> [Description of the task]:
Each line from the one that includes "claim: survivor's" to the last line of the data below should be set down exactly; no other lines are wanted.
== Available records
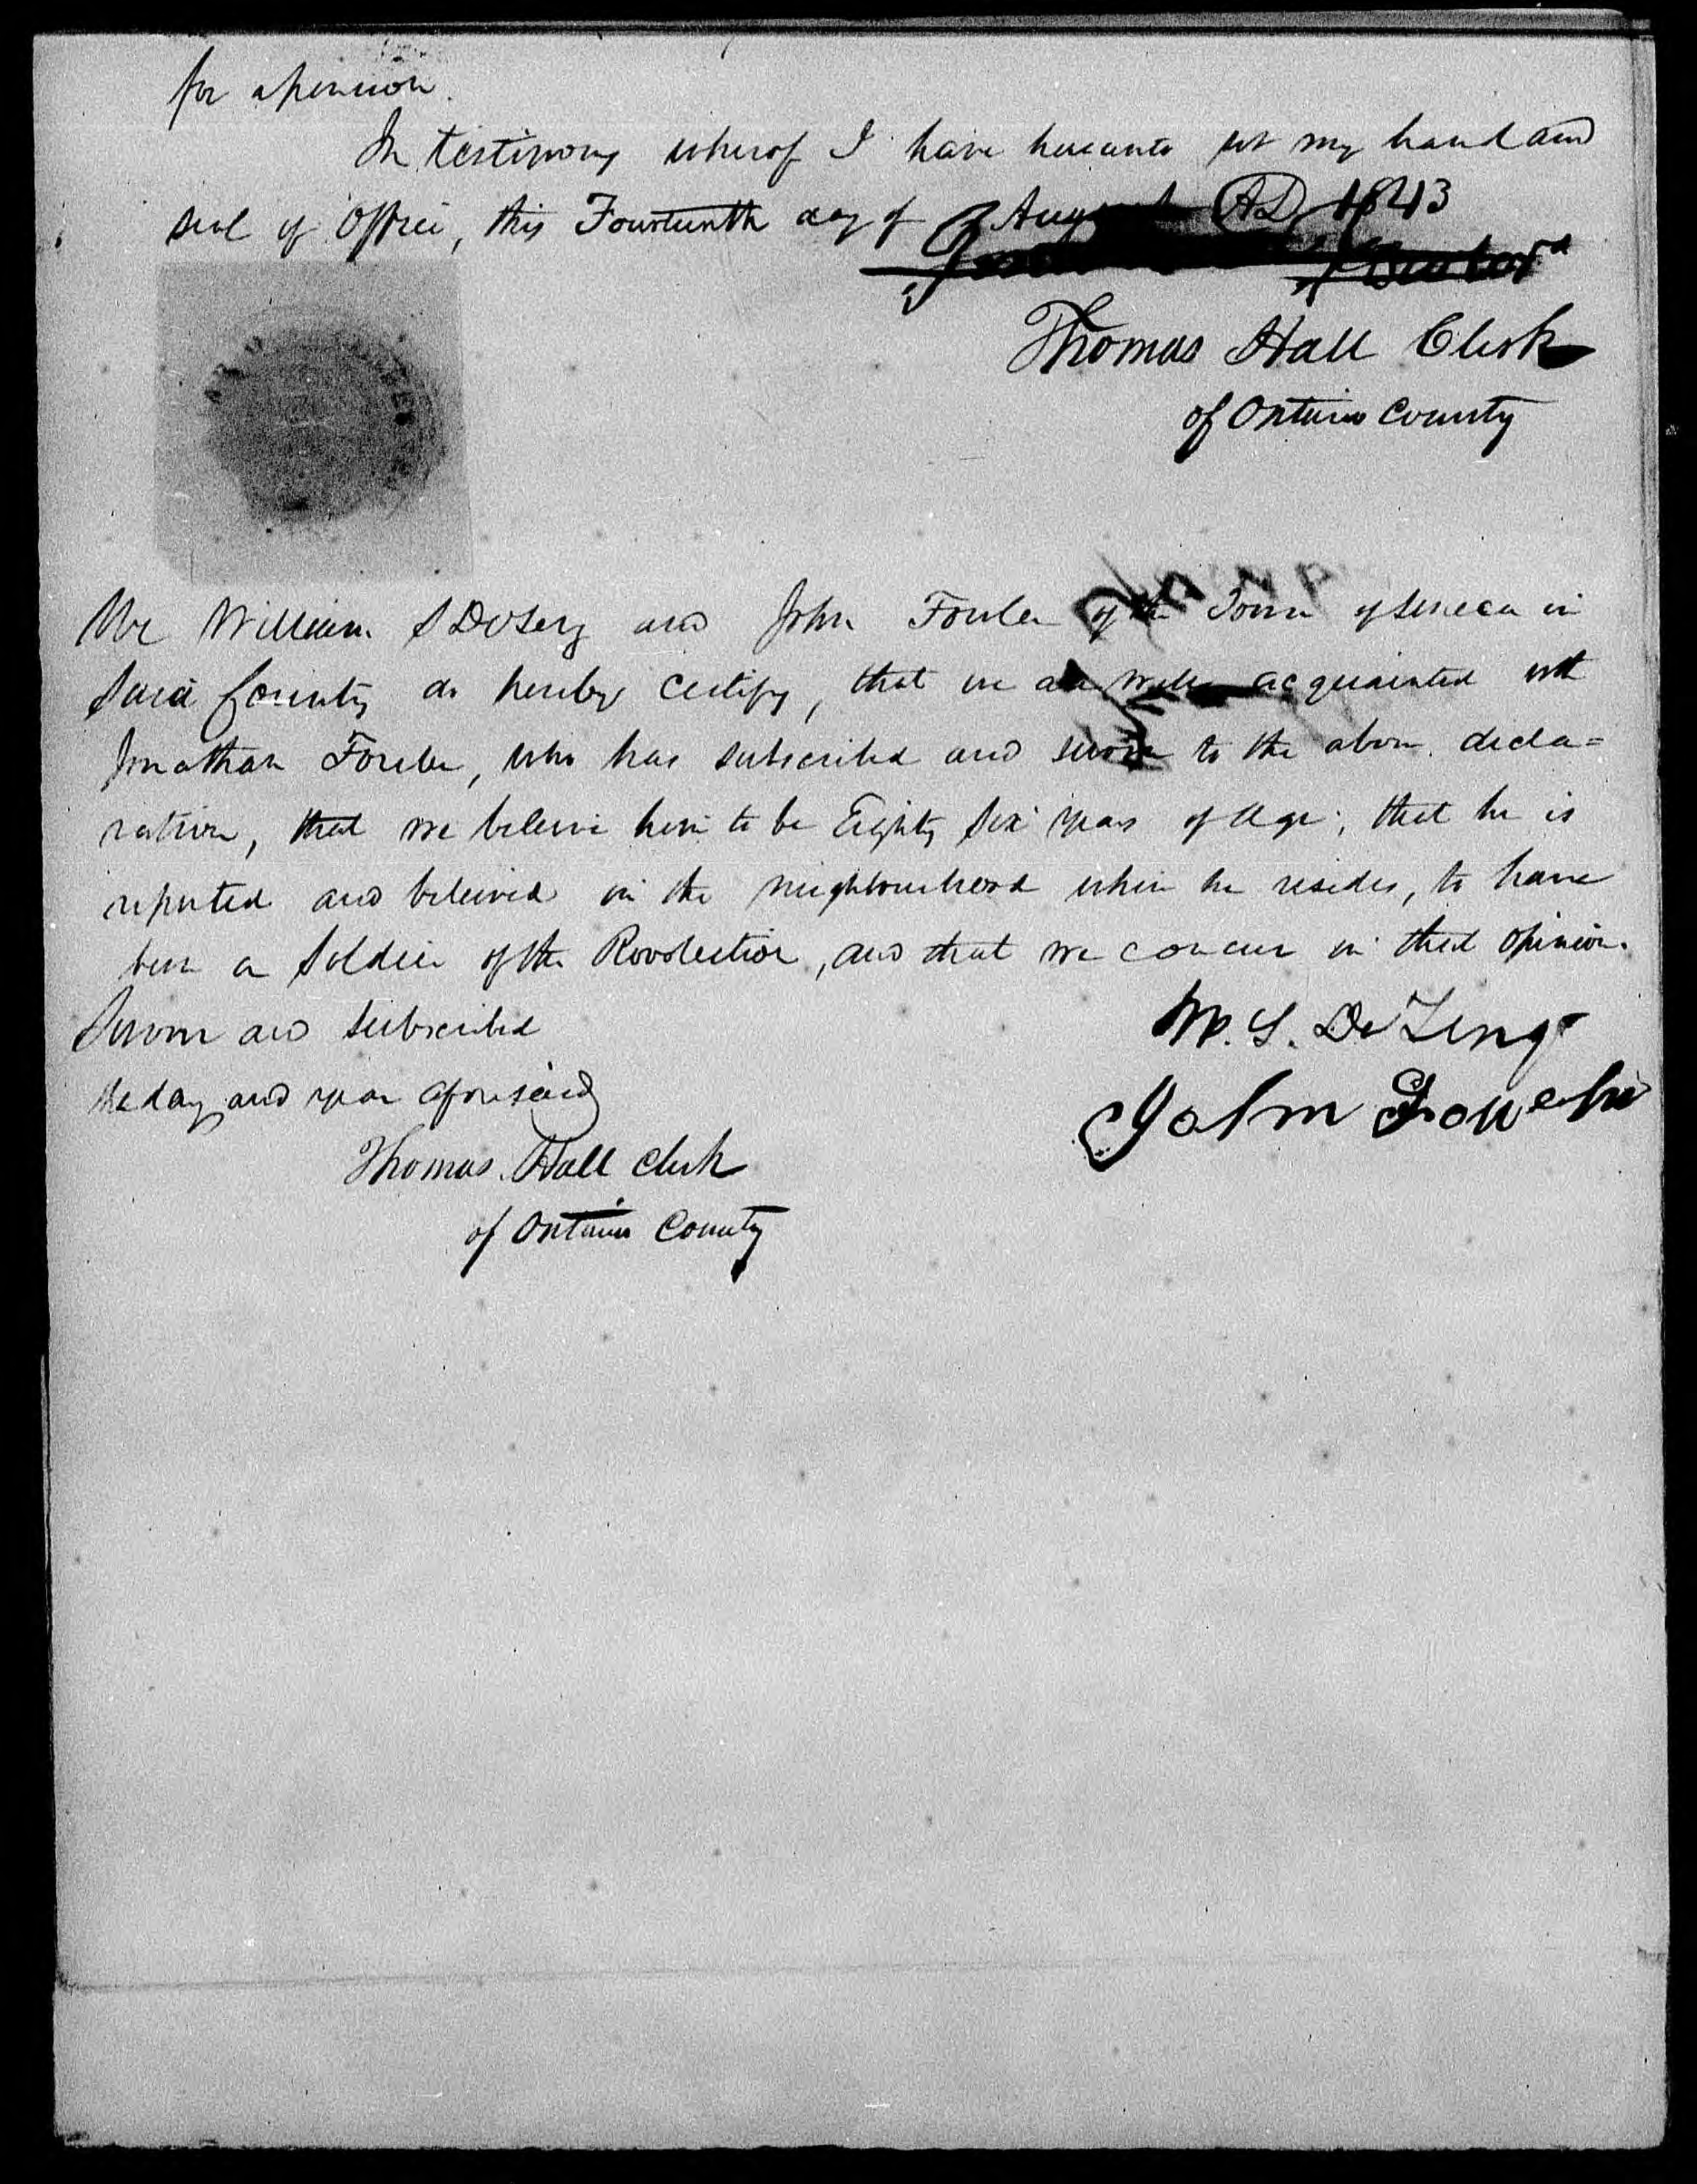for a pension
In testimony wherof I have hereunto set my hand and seal of office, this fourteenth day of August AD 1843
Thomas Hall Clerk of Ontario County

Mr. William S. DeZeng and John Fowler of the town of Seneca in said county do hereby certify, that we are well acquainted with Jonathan Fowler, who has subscribed and work to the above declaration, that we believe him to be eighty six years of age; that he is reputed and believed in the neighbourhood where he resides, to have been a soldier of the Revolution, and that we concur in that opinion.
W.S. DeZeng
John Fowler

Sworn and subscribed the day and year aforesaid.
Thomas Hall Clerk of Ontario County

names: W S De Zeng, John Foweler, Thomas Hall, William S De Zeng, Jonathan Fowler, Thomas Hall, John Fowler
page: 12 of 44
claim: survivor's
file: S. 23639, Jonathan Fowler, New York
====
> [Problem solution]:
claim: survivor's
file: S. 23639, Jonathan Fowler, New York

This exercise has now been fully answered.